◆ **TASK DETAILS**
Output the complete listing exactly, please, and keep the pictures out of it.

BEGIN INPUT FOR THIS TASK

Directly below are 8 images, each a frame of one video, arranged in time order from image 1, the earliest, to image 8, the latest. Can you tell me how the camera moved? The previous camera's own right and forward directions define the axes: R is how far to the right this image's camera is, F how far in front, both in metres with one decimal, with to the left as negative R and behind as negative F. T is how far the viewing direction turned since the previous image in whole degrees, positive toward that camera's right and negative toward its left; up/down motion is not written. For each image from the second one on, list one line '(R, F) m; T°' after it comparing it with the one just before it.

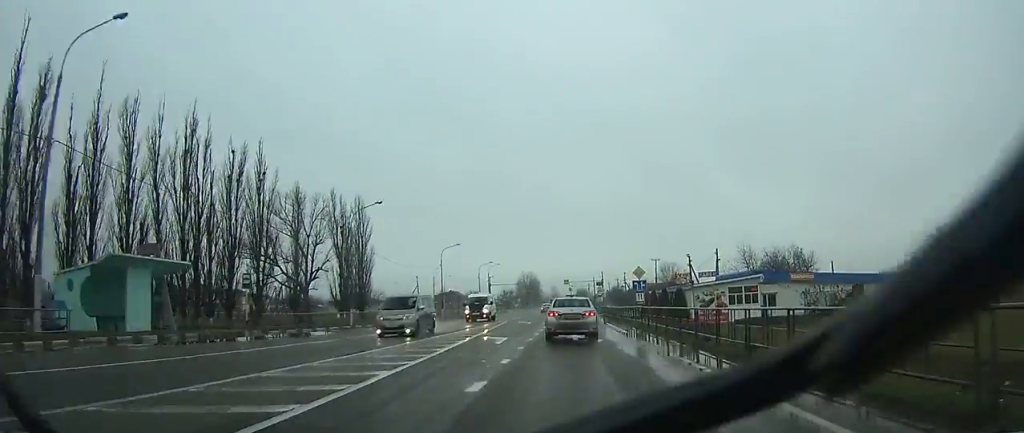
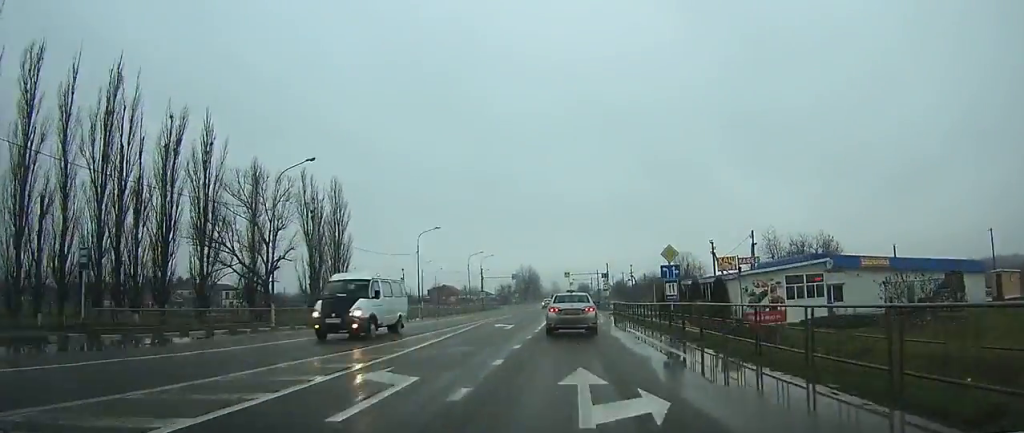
(-0.1, +13.1) m; 0°
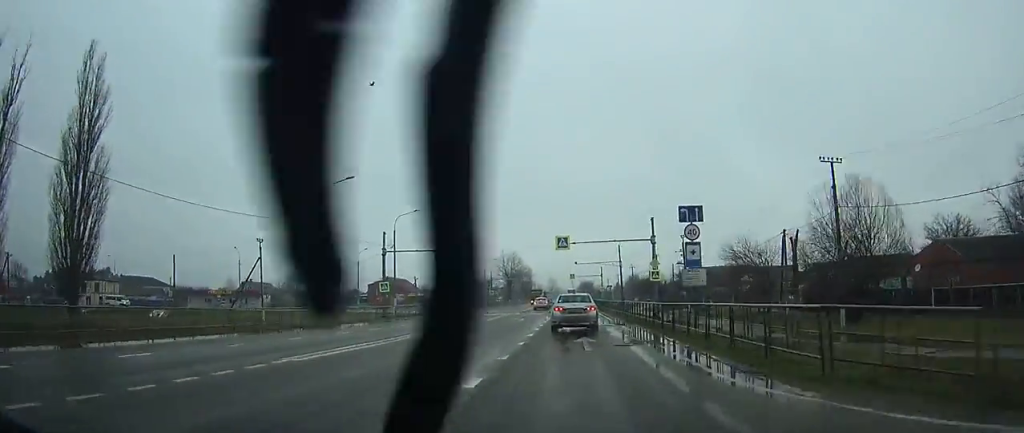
(-0.1, +61.7) m; 0°
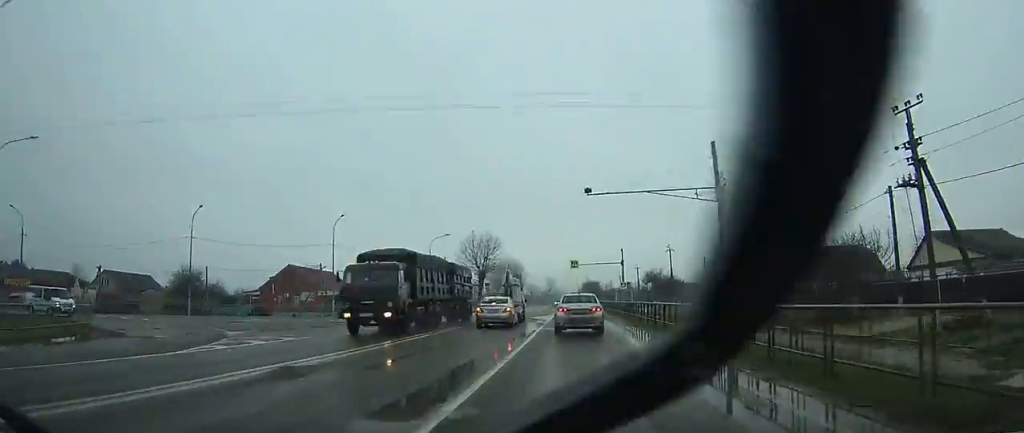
(+0.1, +50.4) m; 0°
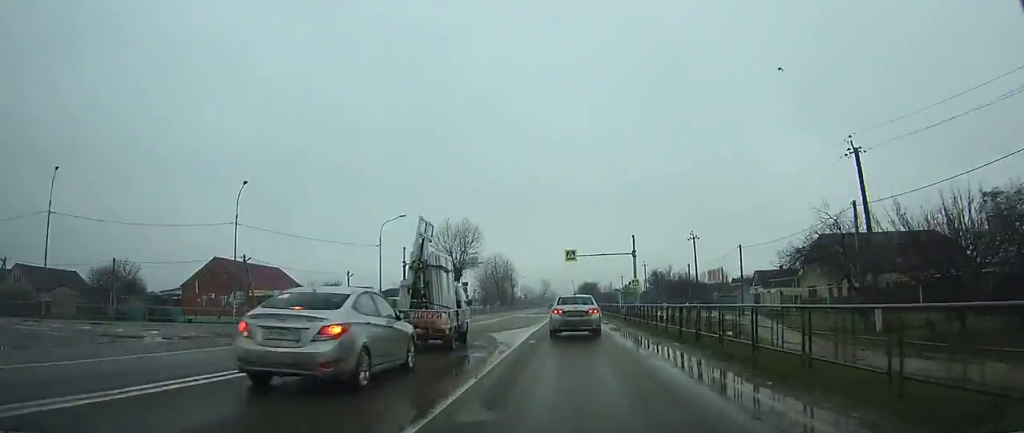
(0.0, +19.0) m; 0°
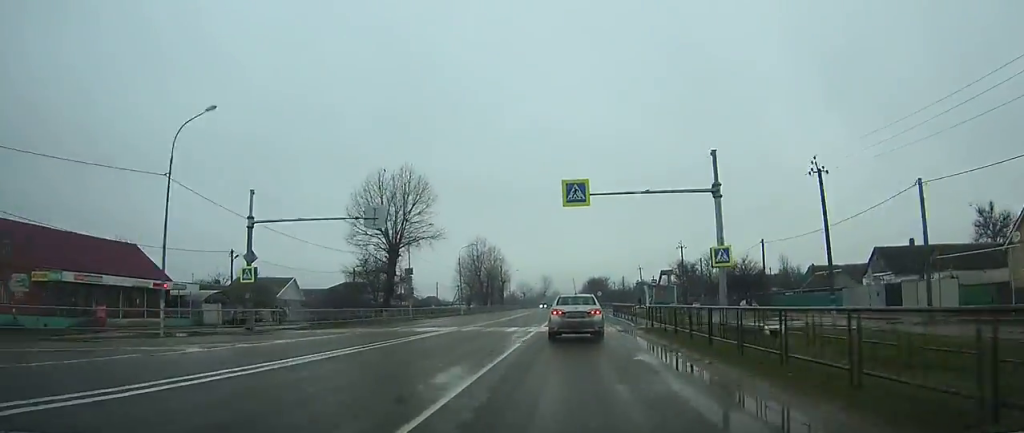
(+0.1, +33.5) m; 0°
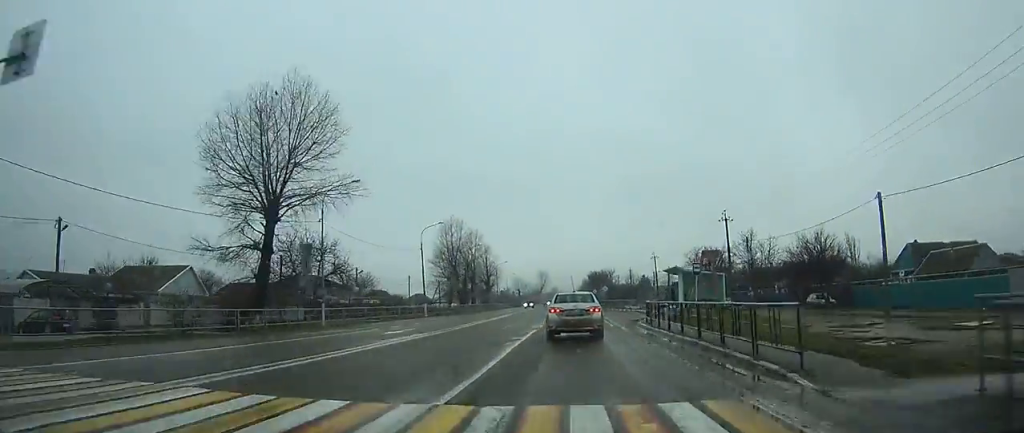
(+0.1, +23.1) m; 0°
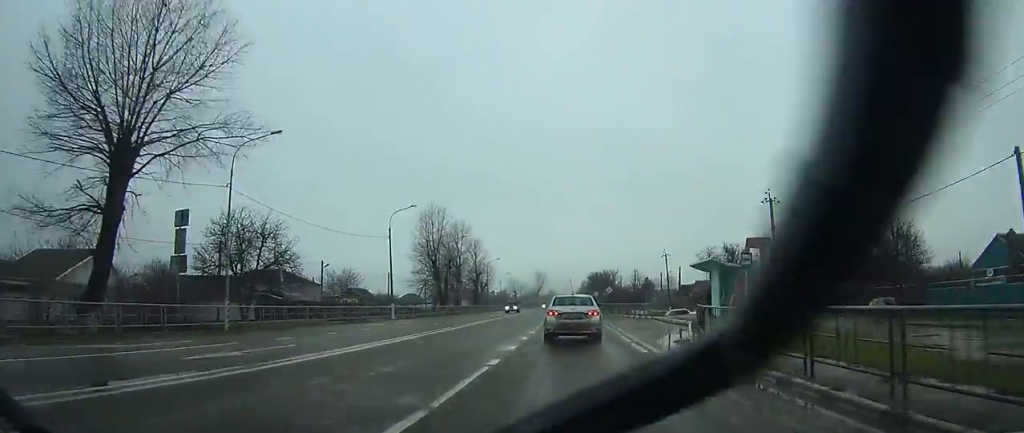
(0.0, +12.6) m; 0°

END INPUT FOR THIS TASK

◆ **WRITTEN ANSWER**
Directly below are 8 images, each a frame of one video, arranged in time order from image 1, the earliest, to image 8, the latest. Can you tell me how the camera moved? The previous camera's own right and forward directions define the axes: R is how far to the right this image's camera is, F how far in front, both in metres with one decimal, with to the left as negative R and behind as negative F. T is how far the viewing direction turned since the previous image in whole degrees, positive toward that camera's right and negative toward its left; up/down motion is not written. For each image from the second one on, list one line '(R, F) m; T°' after it comparing it with the one just before it.

(-0.1, +13.1) m; 0°
(-0.1, +61.7) m; 0°
(+0.1, +50.4) m; 0°
(0.0, +19.0) m; 0°
(+0.1, +33.5) m; 0°
(+0.1, +23.1) m; 0°
(0.0, +12.6) m; 0°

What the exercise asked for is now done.